Transcribe exactly the lines from the one containing "#29939=DIRECTION('ref_axis',(1.,0.,0.));" through the end of the entries, including both the first and the last, and nothing else.

----

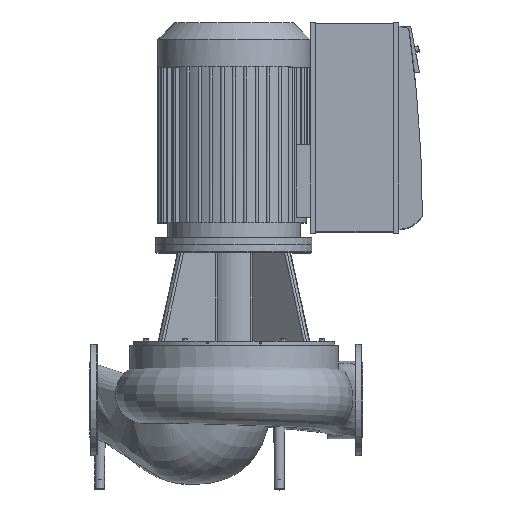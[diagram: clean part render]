
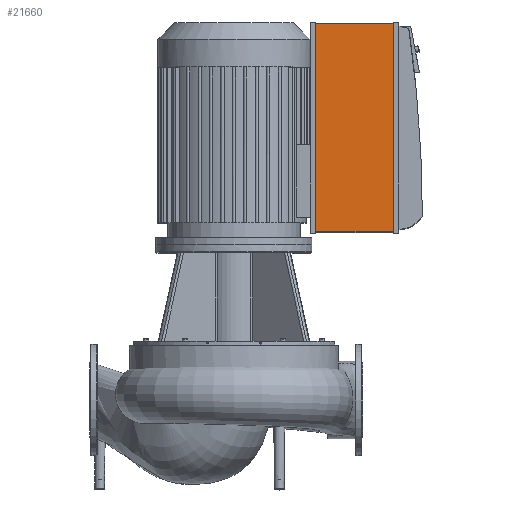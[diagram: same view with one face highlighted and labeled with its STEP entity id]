
A CAD part, top view. The second image highlights one B-rep face of the part: STEP entity #21660.
In plain terms, the highlighted planar face has unit normal (0, 0, 1).
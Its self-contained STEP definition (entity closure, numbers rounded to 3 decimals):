
#1229=PLANE($,#23835);
#3088=LINE($,#58069,#4958);
#3090=LINE($,#58073,#4960);
#3091=LINE($,#58075,#4961);
#3092=LINE($,#58076,#4962);
#4958=VECTOR($,#29936,198.);
#4960=VECTOR($,#29940,534.);
#4961=VECTOR($,#29941,198.);
#4962=VECTOR($,#29942,534.);
#6478=FACE_OUTER_BOUND($,#7984,.T.);
#7984=EDGE_LOOP($,(#20038,#20039,#20040,#20041));
#10951=VERTEX_POINT($,#58066);
#10952=VERTEX_POINT($,#58068);
#10953=VERTEX_POINT($,#58072);
#10954=VERTEX_POINT($,#58074);
#13987=EDGE_CURVE($,#10951,#10952,#3088,.T.);
#13989=EDGE_CURVE($,#10951,#10953,#3090,.T.);
#13990=EDGE_CURVE($,#10954,#10953,#3091,.T.);
#13991=EDGE_CURVE($,#10954,#10952,#3092,.T.);
#20038=ORIENTED_EDGE($,*,*,#13987,.F.);
#20039=ORIENTED_EDGE($,*,*,#13989,.T.);
#20040=ORIENTED_EDGE($,*,*,#13990,.F.);
#20041=ORIENTED_EDGE($,*,*,#13991,.T.);
#21660=ADVANCED_FACE($,(#6478),#1229,.T.);
#23835=AXIS2_PLACEMENT_3D($,#58071,#29938,#29939);
#29936=DIRECTION($,(-1.,0.,0.));
#29938=DIRECTION('center_axis',(0.,0.,1.));
#29939=DIRECTION('ref_axis',(1.,0.,0.));
#29940=DIRECTION($,(0.,1.,0.));
#29941=DIRECTION($,(1.,0.,0.));
#29942=DIRECTION($,(0.,-1.,0.));
#58066=CARTESIAN_POINT('',(778.,430.,457.));
#58068=CARTESIAN_POINT('',(580.,430.,457.));
#58069=CARTESIAN_POINT($,(728.5,430.,457.));
#58071=CARTESIAN_POINT('Origin',(679.,697.,457.));
#58072=CARTESIAN_POINT('',(778.,964.,457.));
#58073=CARTESIAN_POINT($,(778.,430.,457.));
#58074=CARTESIAN_POINT('',(580.,964.,457.));
#58075=CARTESIAN_POINT($,(629.5,964.,457.));
#58076=CARTESIAN_POINT($,(580.,964.,457.));

----

PROBLEM SOLUTION:
#29939=DIRECTION('ref_axis',(1.,0.,0.));
#29940=DIRECTION($,(0.,1.,0.));
#29941=DIRECTION($,(1.,0.,0.));
#29942=DIRECTION($,(0.,-1.,0.));
#58066=CARTESIAN_POINT('',(778.,430.,457.));
#58068=CARTESIAN_POINT('',(580.,430.,457.));
#58069=CARTESIAN_POINT($,(728.5,430.,457.));
#58071=CARTESIAN_POINT('Origin',(679.,697.,457.));
#58072=CARTESIAN_POINT('',(778.,964.,457.));
#58073=CARTESIAN_POINT($,(778.,430.,457.));
#58074=CARTESIAN_POINT('',(580.,964.,457.));
#58075=CARTESIAN_POINT($,(629.5,964.,457.));
#58076=CARTESIAN_POINT($,(580.,964.,457.));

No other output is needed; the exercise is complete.